Trabalho árduo: pesados vagonetes cheios de carvão eram arrastados nas galerias estreitas e escuras das minas. Gravuras do século XIX

As pausas para descanso eram raras. Os trabalhadores tinham que se adaptar e seguir o ritmo das máquinas, sob pena de receberem multas. No caso das crianças, se houvesse atrasos, a punição podia se dar na forma de espancamento. A disciplina do sistema fabril e sua divisão "racional" do trabalho exigiam movimentos monótonos e repetitivos.

Segundo Engels, algumas crianças que trabalhavam no setor metalúrgico de Birmingham ficavam sem se alimentar das 8 horas da manhã até as 7 da noite. Em Sheffield, onde se encontrava o setor de cutelaria, um médico observou:

"A melhor maneira de mostrar com clareza a nocividade deste ofício é afirmar que são os bebedores que vivem mais tempo, porque são os que mais faltam ao trabalho. Ao todo, há 2 500 amoladores em Sheffield. Cerca de 150 (80 homens e 70 rapazes) são amoladores de garfos, que morrem entre os 28 e os 32 anos. Os amoladores de navalhas, que tanto trabalham a seco como na pedra úmida, morrem entre os 40 e os 50 anos, e os amoladores de facas de mesa, que trabalham na pedra úmida, morrem entre os 40 e os 50 anos." (Apud F. Engels, op, cit., p. 255-6.)


Ludistas quebrando máquinas, Cris Sunde

Segundo o historiador Eric Hobsbawn, como os trabalhadores "não assimilavam espontaneamente esses novos costumes, tinham de ser forçados por disciplinas e multas [...] e por salários tão baixos que somente a labuta incessante e ininterrupta os fazia ganhar o suficiente para sobreviver, sem prover o dinheiro que os afastasse do trabalho por mais tempo que o necessário para comer, dormir e - como se tratava de um país cristão - orar no Dia do Senhor."

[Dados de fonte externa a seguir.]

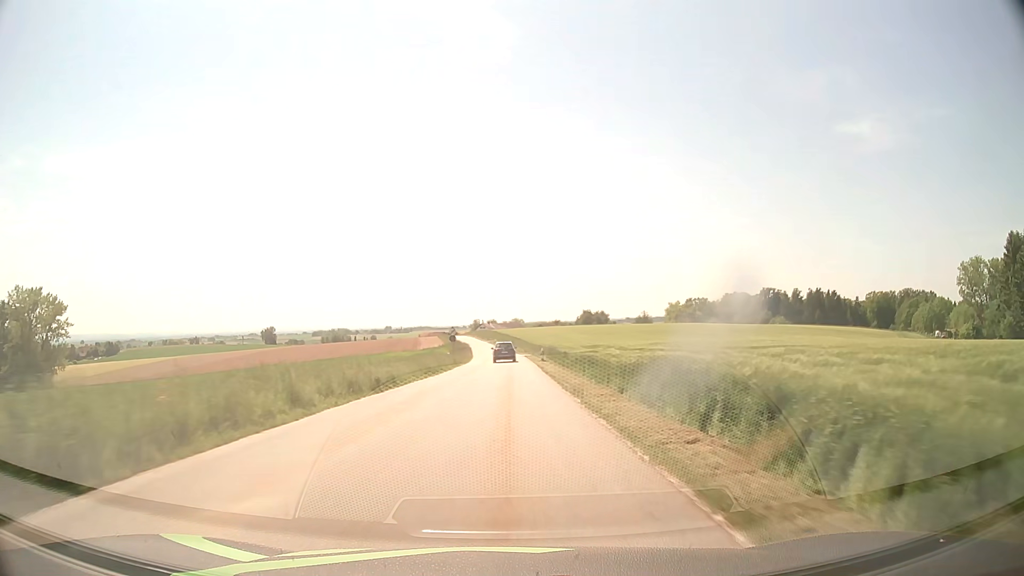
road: tertiary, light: Day
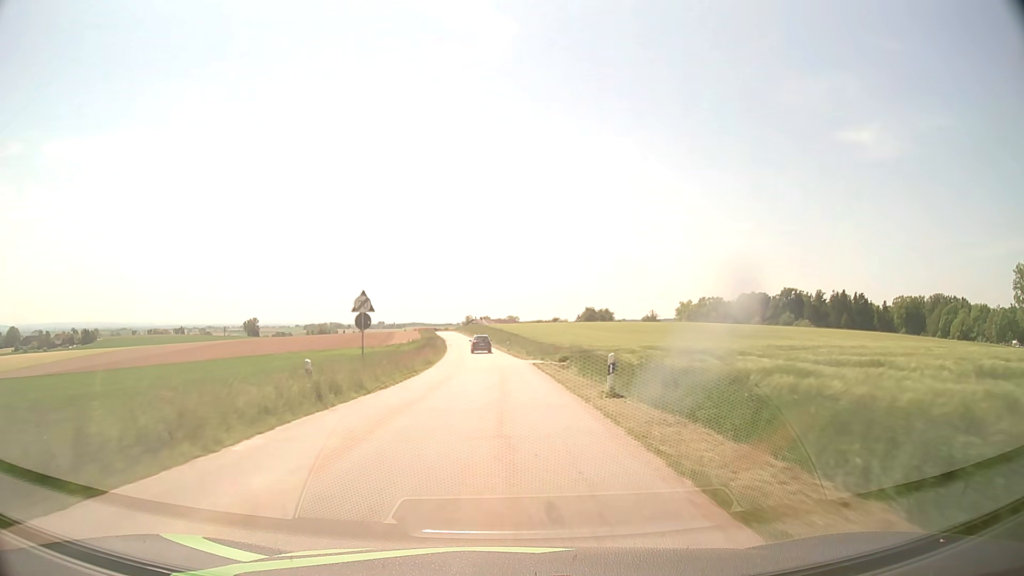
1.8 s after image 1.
(+0.2, +34.5) m; +1°
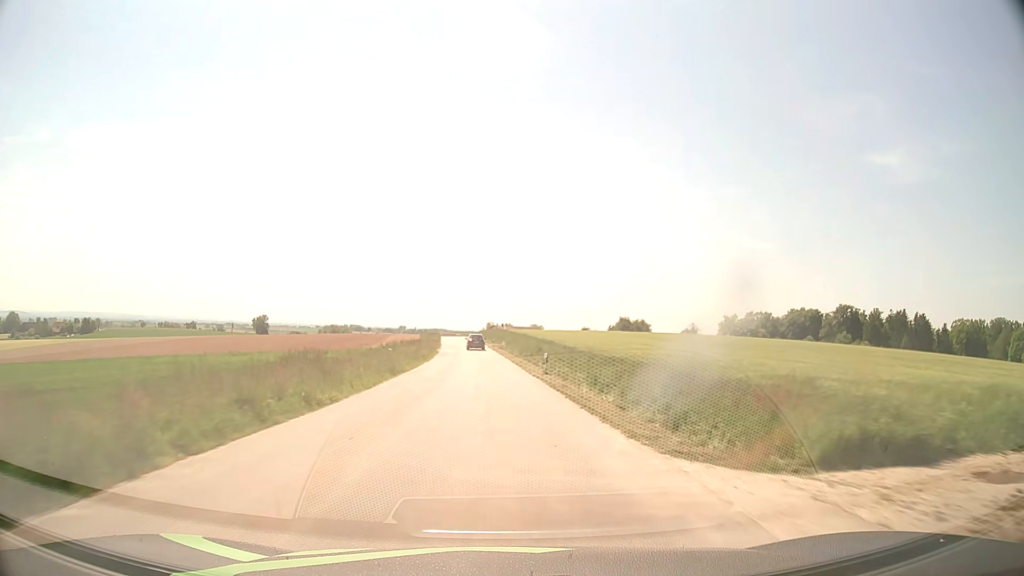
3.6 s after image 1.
(-0.4, +35.9) m; -2°
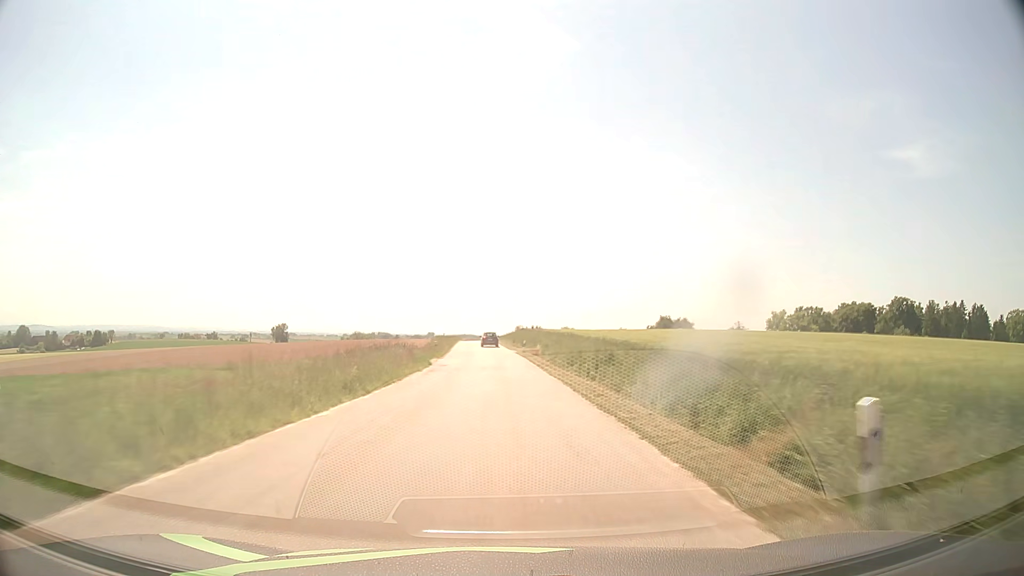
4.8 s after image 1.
(-0.4, +25.3) m; -2°
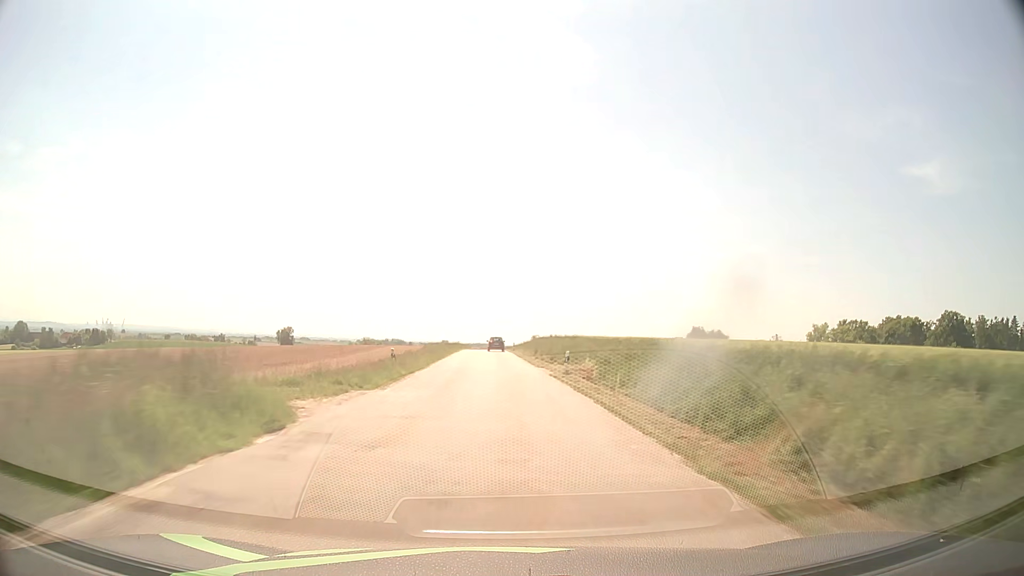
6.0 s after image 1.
(-0.5, +26.3) m; -2°
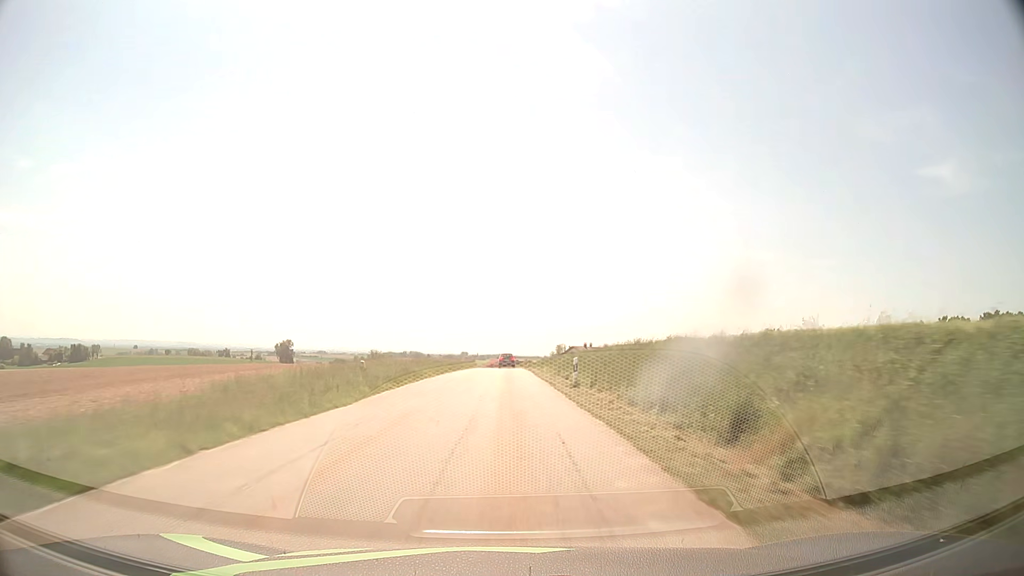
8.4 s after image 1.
(-0.6, +55.5) m; -2°
(0, +10) (0, +20) (0, +30) (0, +40) (0, +50) (0, +60) (0, +70) (0, +80) (0, +90) (0, +100) m

Como a economia industrial oscilava entre períodos de crescimento e de recessão, nem mesmo os trabalhadores das fábricas tinham estabilidade no emprego. Ao lado disso, as inovações tecnológicas acarretavam aumento da pobreza para os trabalhadores que estavam fora do sistema fabril. Diz Hobsbawn:

"Os 50 mil tecelões manuais constituem o exemplo mais conhecido, mas não foram eles os únicos. Tornavam-se cada vez mais famintos e, numa tentativa vã de competir com as novas máquinas, trabalhavam cada vez mais barato." (Da Revolução Industrial ao imperialismo. Rio de Janeiro: Forense - Universitária, 1986. p. 87.)

REZENDE, Antonio Paulo; DIDIER, Maria Thereza. Rumos da história: história geral e do Brasil. São Paulo: Atual, 2005. p. 313-15.